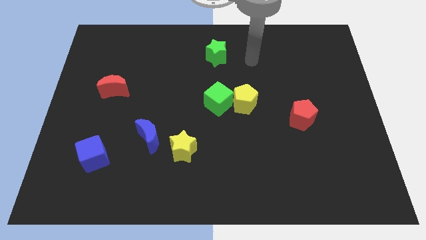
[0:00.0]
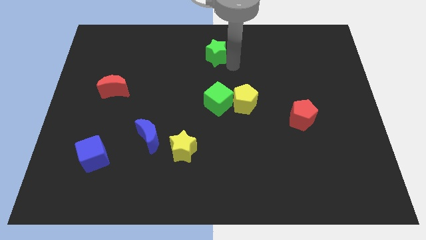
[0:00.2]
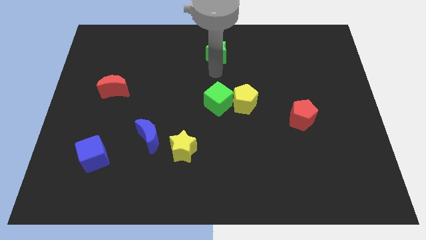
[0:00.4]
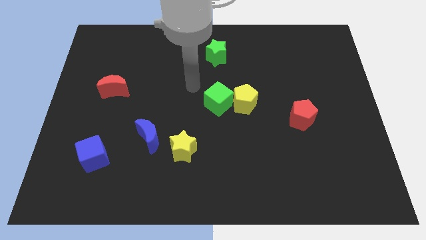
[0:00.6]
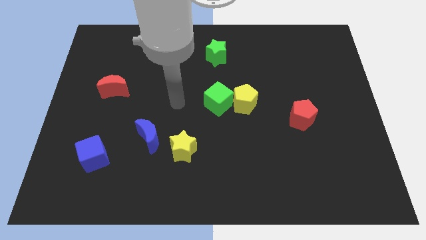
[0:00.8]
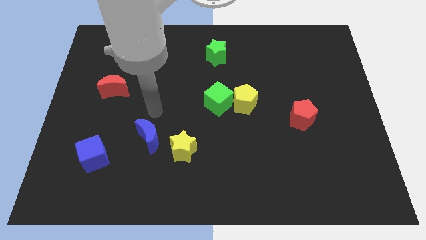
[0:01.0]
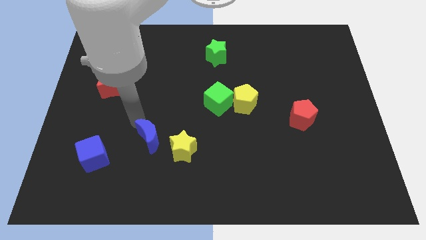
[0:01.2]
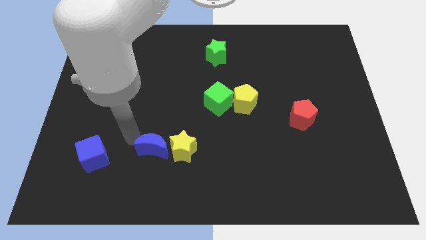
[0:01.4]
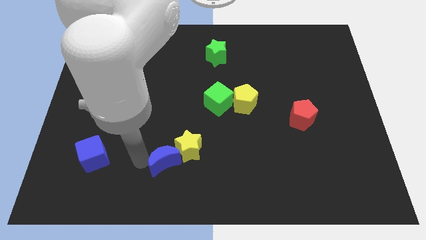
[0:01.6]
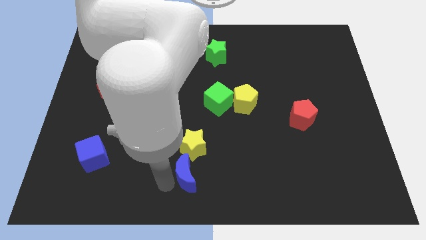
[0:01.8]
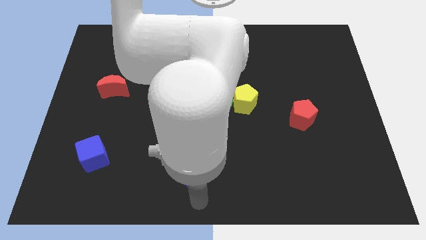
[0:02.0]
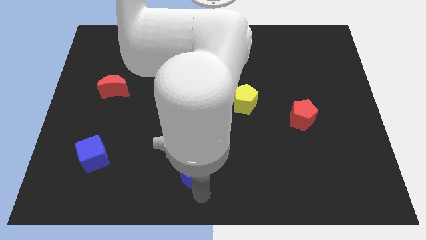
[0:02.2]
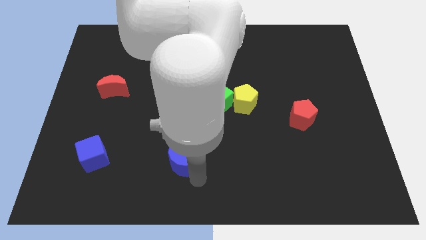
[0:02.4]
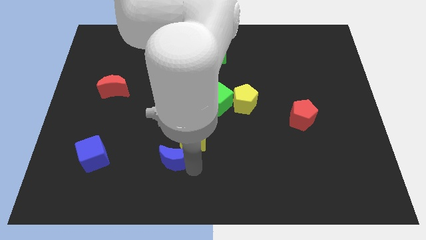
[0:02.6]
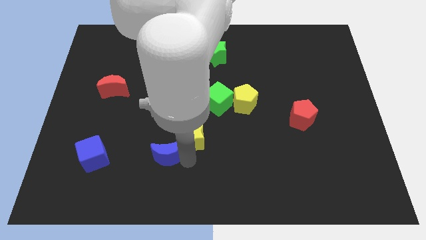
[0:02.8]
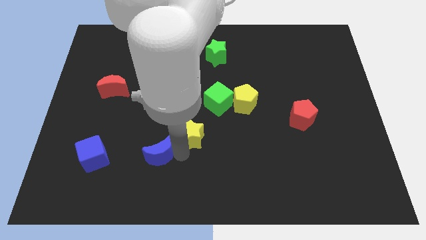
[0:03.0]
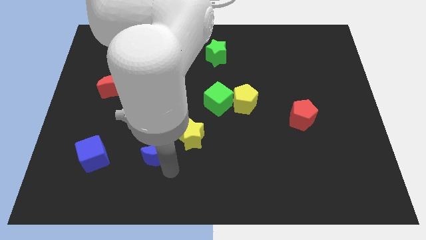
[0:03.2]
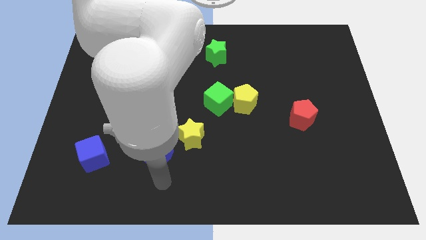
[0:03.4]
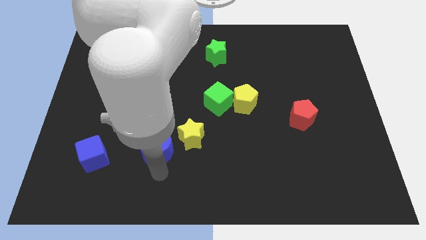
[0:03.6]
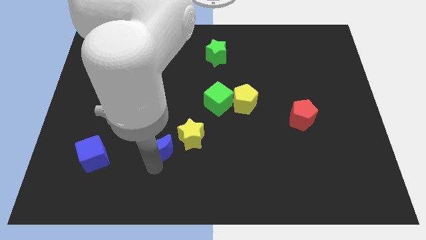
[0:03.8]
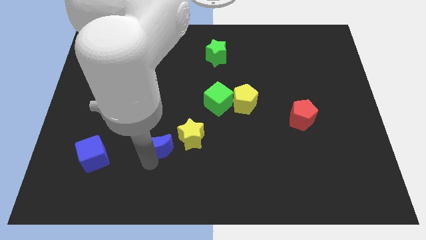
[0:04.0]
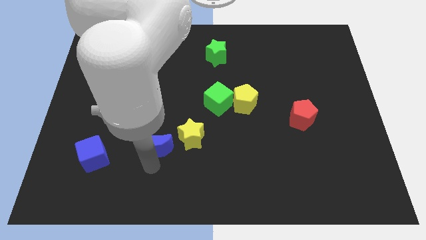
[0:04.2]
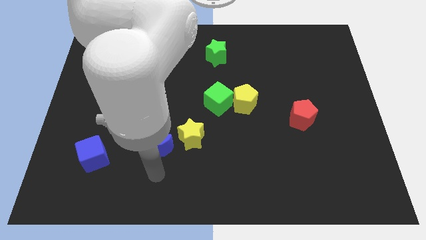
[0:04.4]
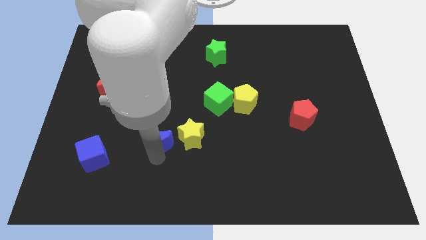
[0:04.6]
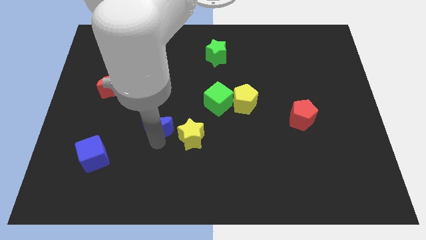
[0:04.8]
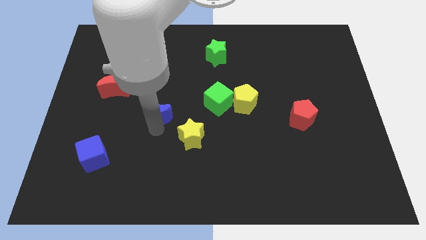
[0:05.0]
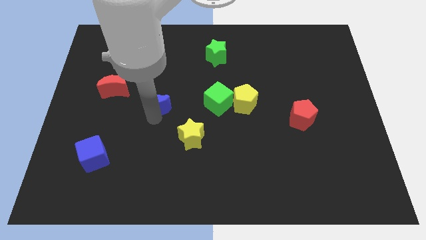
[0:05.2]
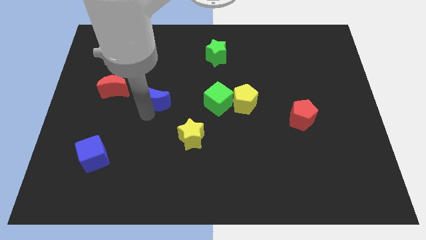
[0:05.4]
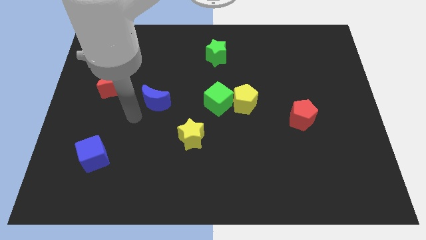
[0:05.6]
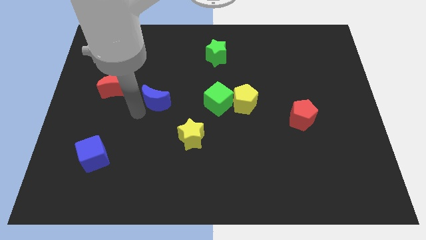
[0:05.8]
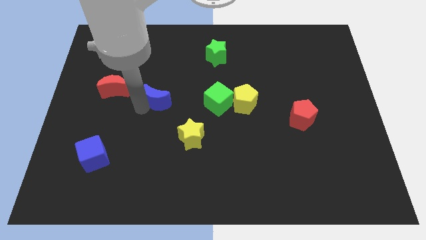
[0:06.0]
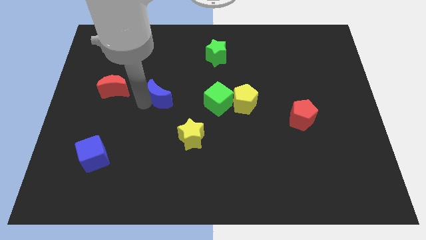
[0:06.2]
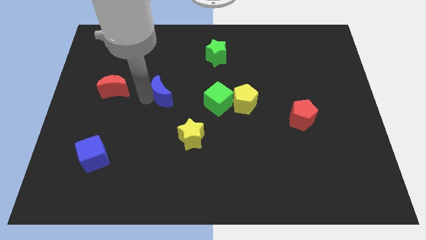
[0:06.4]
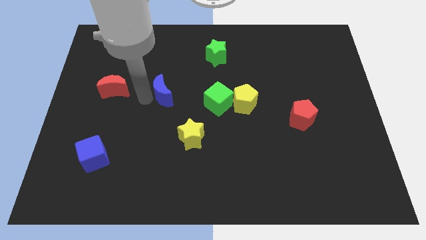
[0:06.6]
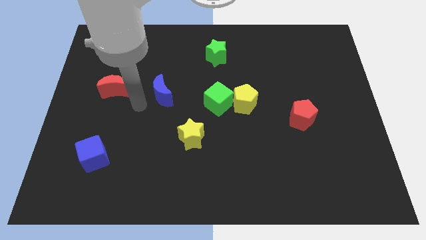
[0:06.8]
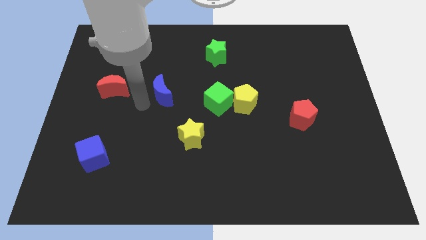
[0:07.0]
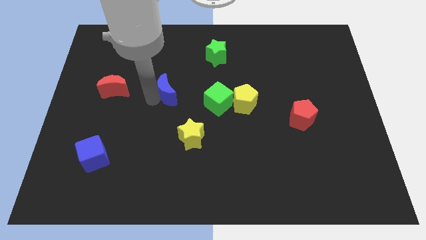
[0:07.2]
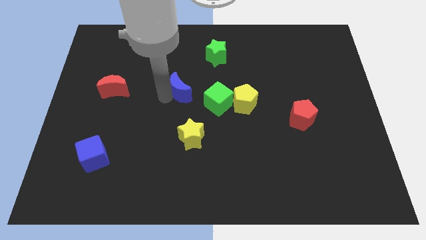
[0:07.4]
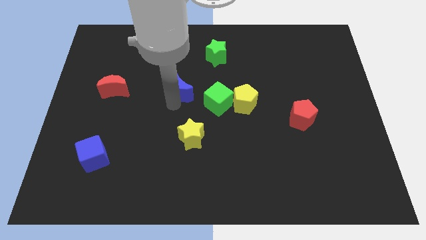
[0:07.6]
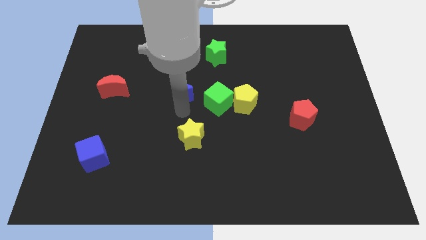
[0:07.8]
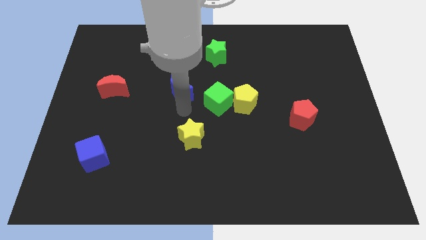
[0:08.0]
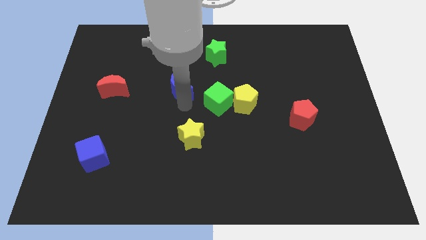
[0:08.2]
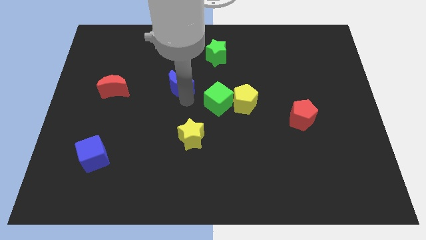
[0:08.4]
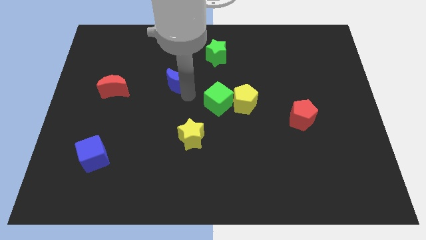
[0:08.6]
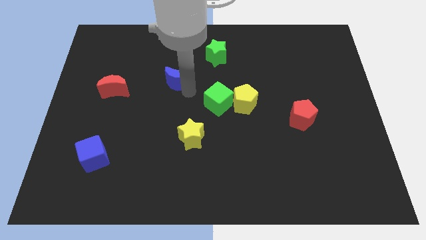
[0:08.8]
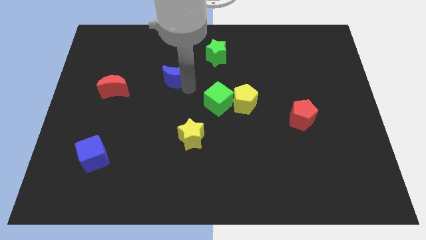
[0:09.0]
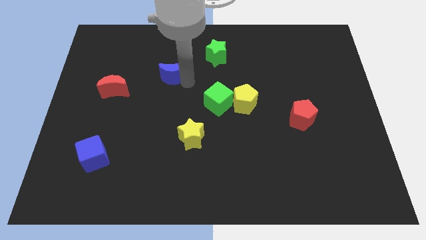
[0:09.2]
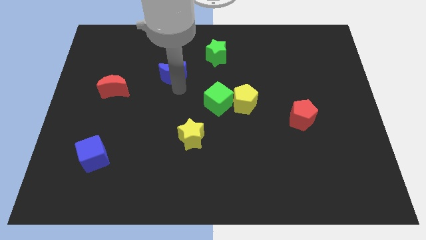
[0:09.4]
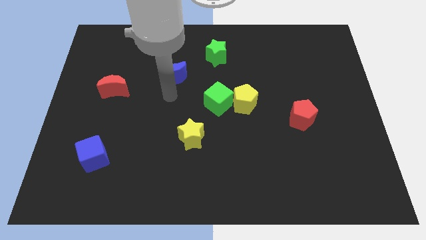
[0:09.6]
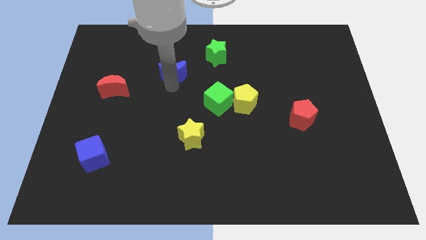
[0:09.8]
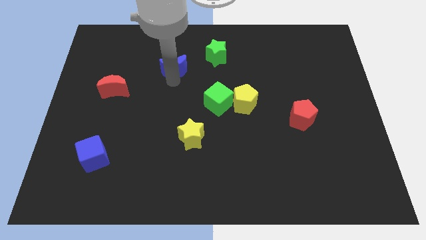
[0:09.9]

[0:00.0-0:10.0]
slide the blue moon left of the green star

→ What to produce
The records shown above are to be repeated exactly, with the pictures left out.

→ Output
[0:00.0]
[0:00.2]
[0:00.4]
[0:00.6]
[0:00.8]
[0:01.0]
[0:01.2]
[0:01.4]
[0:01.6]
[0:01.8]
[0:02.0]
[0:02.2]
[0:02.4]
[0:02.6]
[0:02.8]
[0:03.0]
[0:03.2]
[0:03.4]
[0:03.6]
[0:03.8]
[0:04.0]
[0:04.2]
[0:04.4]
[0:04.6]
[0:04.8]
[0:05.0]
[0:05.2]
[0:05.4]
[0:05.6]
[0:05.8]
[0:06.0]
[0:06.2]
[0:06.4]
[0:06.6]
[0:06.8]
[0:07.0]
[0:07.2]
[0:07.4]
[0:07.6]
[0:07.8]
[0:08.0]
[0:08.2]
[0:08.4]
[0:08.6]
[0:08.8]
[0:09.0]
[0:09.2]
[0:09.4]
[0:09.6]
[0:09.8]
[0:09.9]

[0:00.0-0:10.0]
slide the blue moon left of the green star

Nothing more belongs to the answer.